The following table display the different parameters available for this program:

| Required arguments         | Description                                                                                                                                                                                                                                                                                                                                                                                                                    |
|----------------------------|--------------------------------------------------------------------------------------------------------------------------------------------------------------------------------------------------------------------------------------------------------------------------------------------------------------------------------------------------------------------------------------------------------------------------------|
| -l, --list_file LIST[STR]  | A list of files containing features id defined in the supplied gtf (with the `--gtf` parameter). Note: For gene it uses the field 'gene_id' in the attributes' column of a gtf and for exons it uses the field `gene_id` with the field `exon_number` to form id with the following structure: "gene_id"_"exon_number": (example for an exon of the gene (gene_id) 'SRSF3' with the number 3 (exon_number): its id is SRSF3_3) |
| -L, --list_group LIST[STR] | A list of names to give to the list of features files given with the --list_file parameter.                                                                                                                                                                                                                                                                                                                                    |
| -G, --gtf STR              | The gtf file containing annotation for the supplied genome                                                                                                                                                                                                                                                                                                                                                                     |
| -g, --genome STR           | A multi-fasta file containing the genome of interest                                                                                                                                                                                                                                                                                                                                                                           |
| -F, --ft_type STR          | The kind of feature of interest ('gene' or 'exon' (exon not implemented yet))                                                                                                                                                                                                                                                                                                                                                  |
| -r, --region STR           | he region of interest ('gene' for the entire gene, 'exon' for the concatenation exon's sequence or CDS sequences)                                                                                                                                                                                                                                                                                                              |


| Optional arguments      | Description                                                                                                                                                                                                                                                             |
|-------------------------|-------------------------------------------------------------------------------------------------------------------------------------------------------------------------------------------------------------------------------------------------------------------------|
| -h, --help              | show this help message and exit                                                                                                                                                                                                                                         |
| -C, --cpnt_type STR     | The type of component of interest                                                                                                                                                                                                                                       |
| -t, --test STR          | The kind of test to perform: enter default to perform a linear model test for distribution of frequencies in nucleotide or a beta regression for other kind of distributions. enter 'wilcoxon' to to perform a wilcoxon tests. (Default "default")                      |
| -o, --output STR        | Folder where the results will be created (default '.')                                                                                                                                                                                                                  |
| -f, --figure LIST[STR]  | The list of component to display in a figure, ALL to create a figure for every component (default ALL)                                                                                                                                                                  |
| -p, --percentile FLOAT  | percentile of data displayed in the figure.
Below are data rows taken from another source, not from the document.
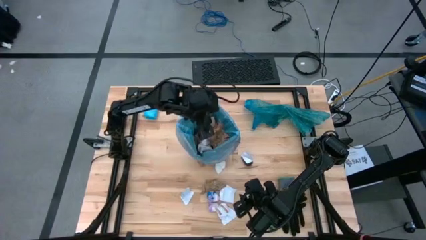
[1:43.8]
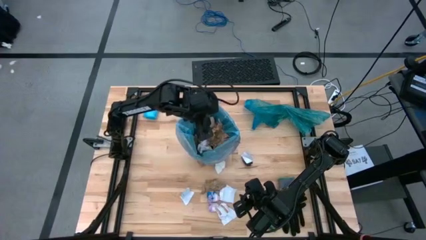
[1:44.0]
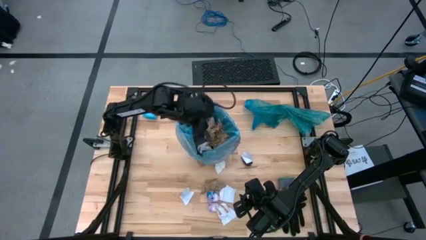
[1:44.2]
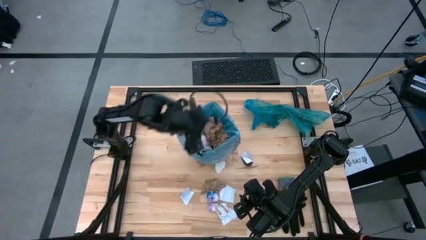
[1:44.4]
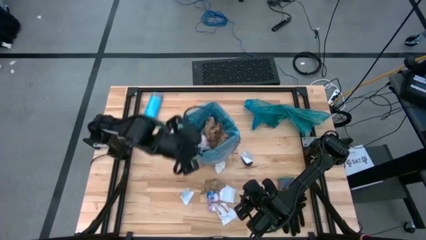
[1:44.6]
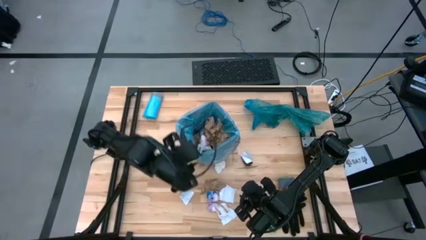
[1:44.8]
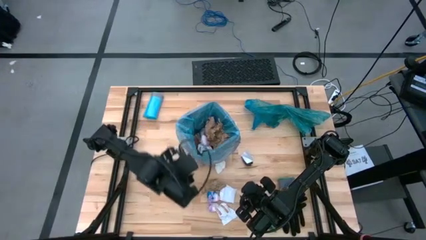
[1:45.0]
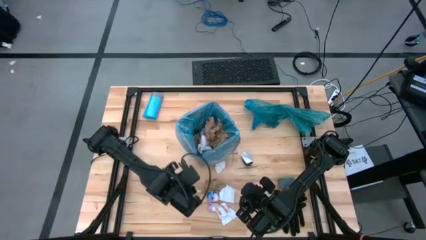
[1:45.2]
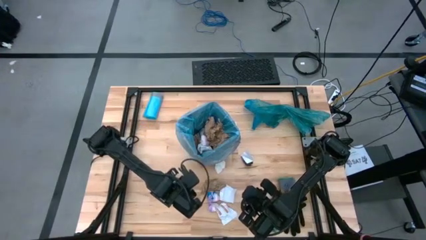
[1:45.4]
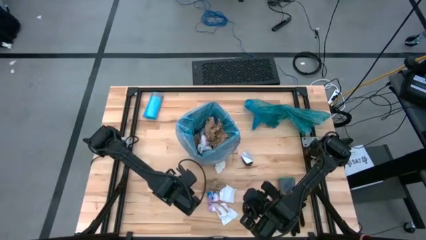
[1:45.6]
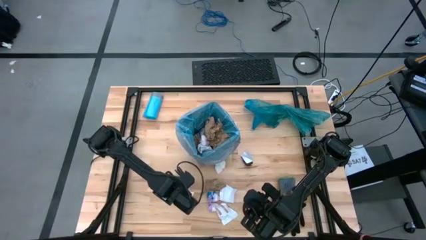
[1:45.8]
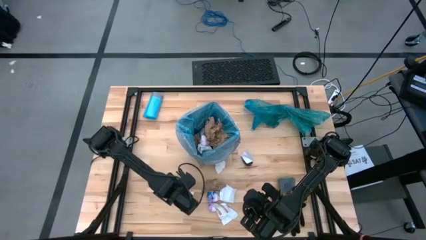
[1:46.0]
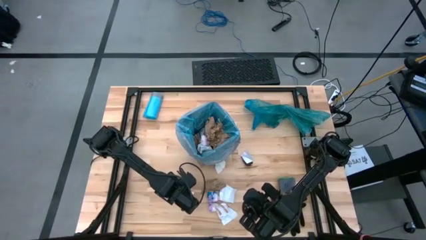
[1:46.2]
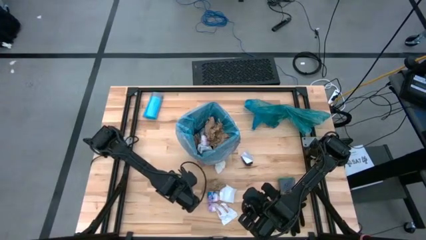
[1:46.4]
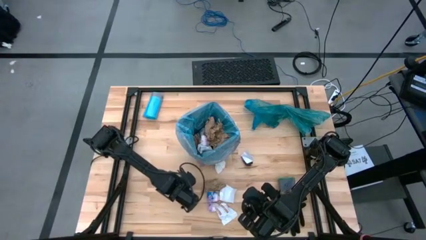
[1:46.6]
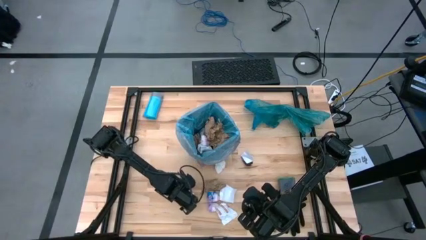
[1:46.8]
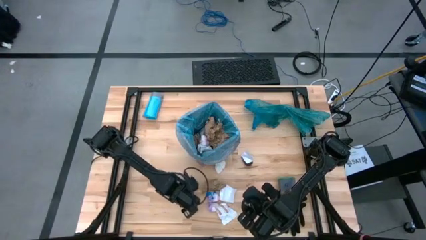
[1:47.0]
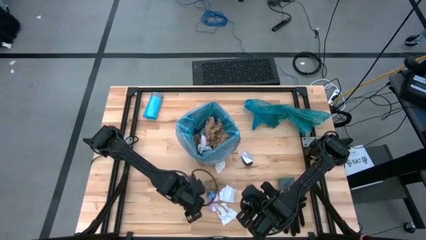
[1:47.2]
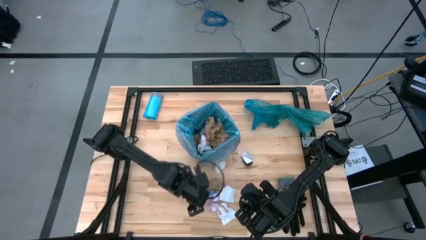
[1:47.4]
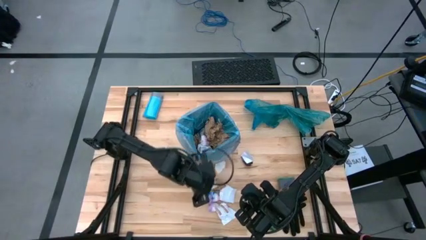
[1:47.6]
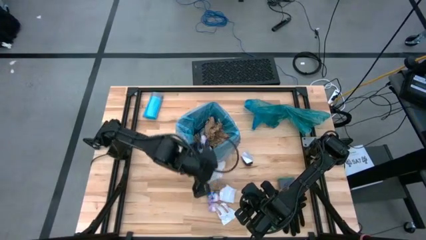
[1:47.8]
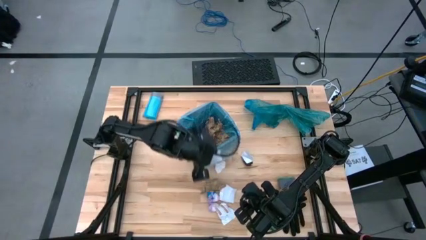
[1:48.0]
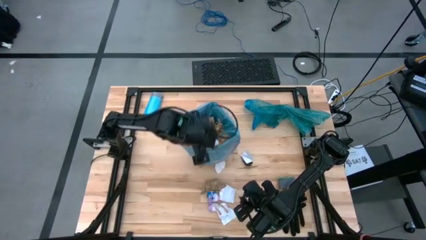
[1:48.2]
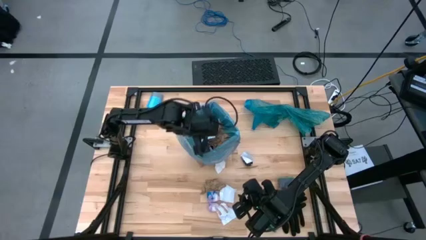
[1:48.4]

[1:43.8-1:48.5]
Task: place trash/remove bag and relplace
Put the white paper trash into the trash bin

Values above it are not displayed. (default 98)                                                                                                                                                                             |
| -c, --colors LIST[STR]  | List of colors to give to the datasets given with the parameter ` --list_files`. It can be left empty to use default color otherwise it must have the size of --list_name parameter (default [])                                                                        |
| -m, --merge_violin BOOL | True to merge violins of two different input lists together. Note that for more than two lists, this parameter will be set to False automatically. (default False)                                                                                                      |
| -s, --skip_parse BOOL   | Skip the gtf deduplication step if it has already been performed by a previous analysis and the deduplicated gtf is given in input with the `--gtf` parameter. (deduplicated gtf: no overlapping CDS, one CDS associated with an exon by gene (and not by transcripts). |


### With singularity image

The description of parameters also applies to this section.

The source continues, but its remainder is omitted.